* INSTRUCTIONS TO FOLLOW:
Would you restate all of the entries verbatim, minus any images?

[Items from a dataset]
□ □ □
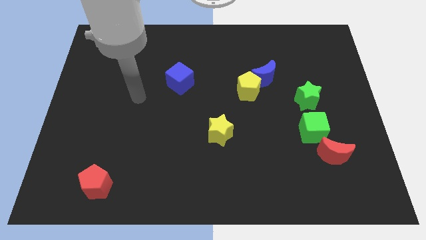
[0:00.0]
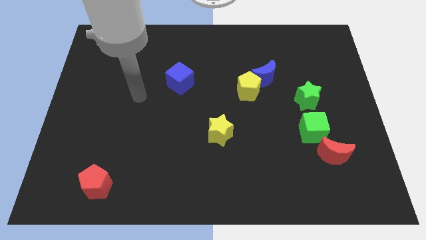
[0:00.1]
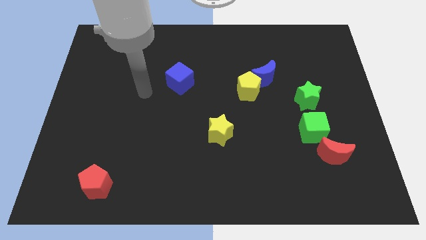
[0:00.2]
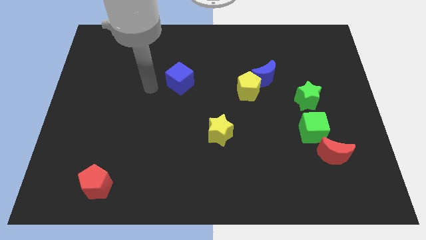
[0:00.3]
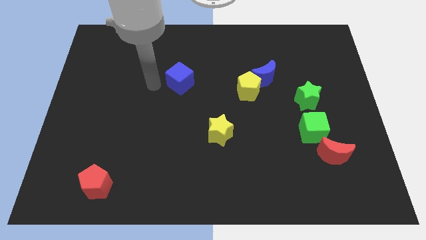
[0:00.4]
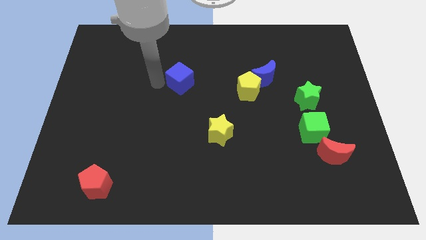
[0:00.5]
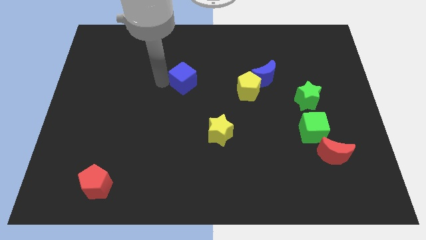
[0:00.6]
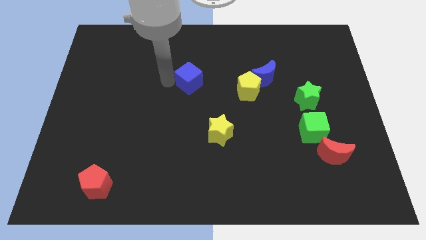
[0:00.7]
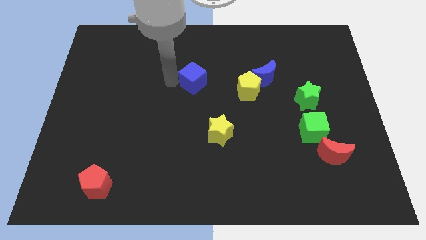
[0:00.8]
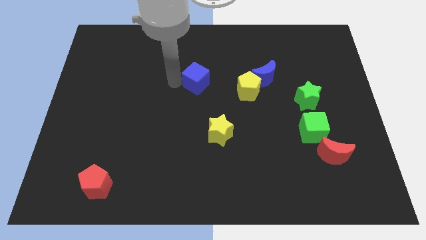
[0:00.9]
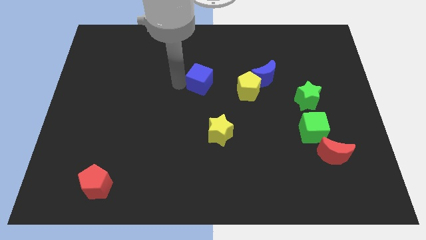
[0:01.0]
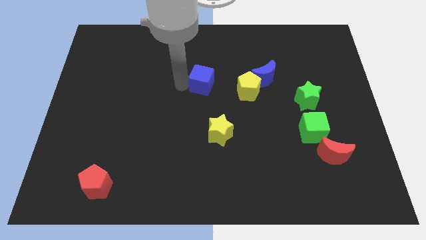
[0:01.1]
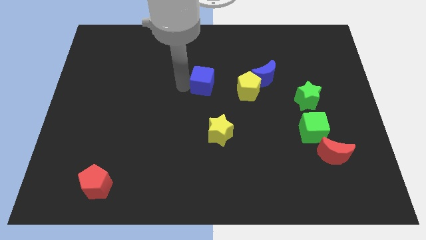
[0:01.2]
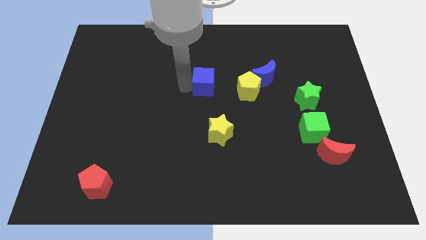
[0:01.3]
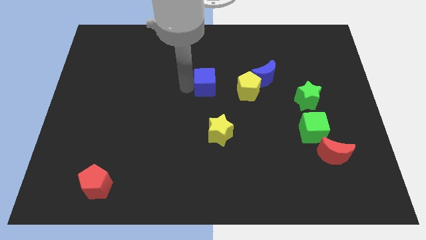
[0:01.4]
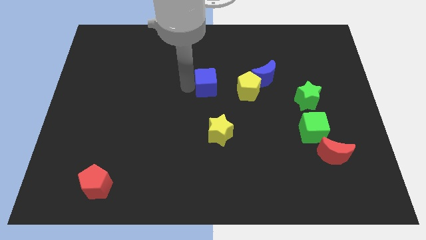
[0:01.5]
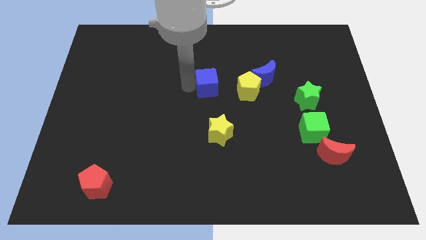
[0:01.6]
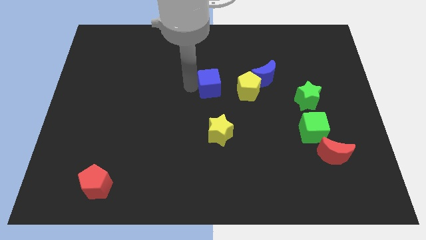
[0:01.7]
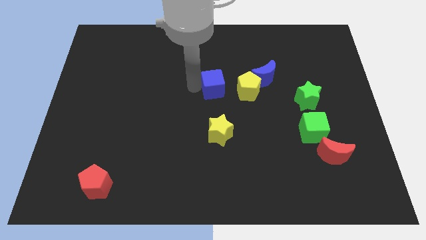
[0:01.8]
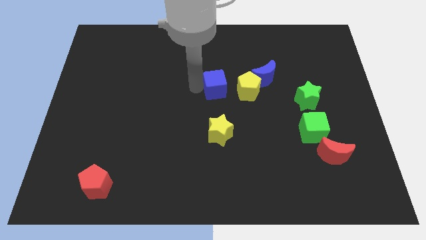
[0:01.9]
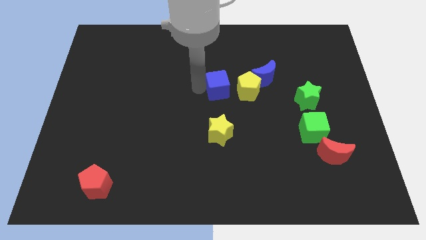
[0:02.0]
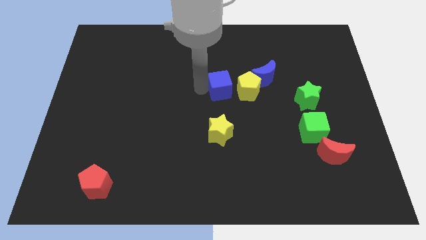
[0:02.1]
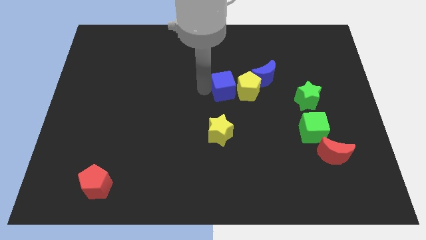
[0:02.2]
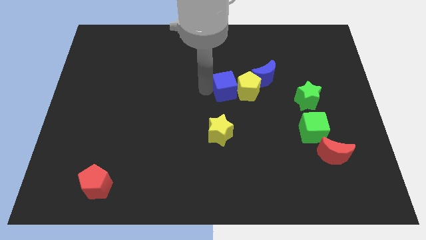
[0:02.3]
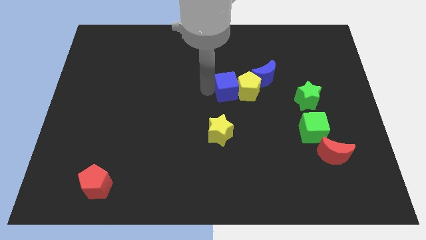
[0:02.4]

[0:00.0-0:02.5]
put the blue cube to the yellow pentagon
□ □ □
* RESULT BELOW:
[0:00.0]
[0:00.1]
[0:00.2]
[0:00.3]
[0:00.4]
[0:00.5]
[0:00.6]
[0:00.7]
[0:00.8]
[0:00.9]
[0:01.0]
[0:01.1]
[0:01.2]
[0:01.3]
[0:01.4]
[0:01.5]
[0:01.6]
[0:01.7]
[0:01.8]
[0:01.9]
[0:02.0]
[0:02.1]
[0:02.2]
[0:02.3]
[0:02.4]

[0:00.0-0:02.5]
put the blue cube to the yellow pentagon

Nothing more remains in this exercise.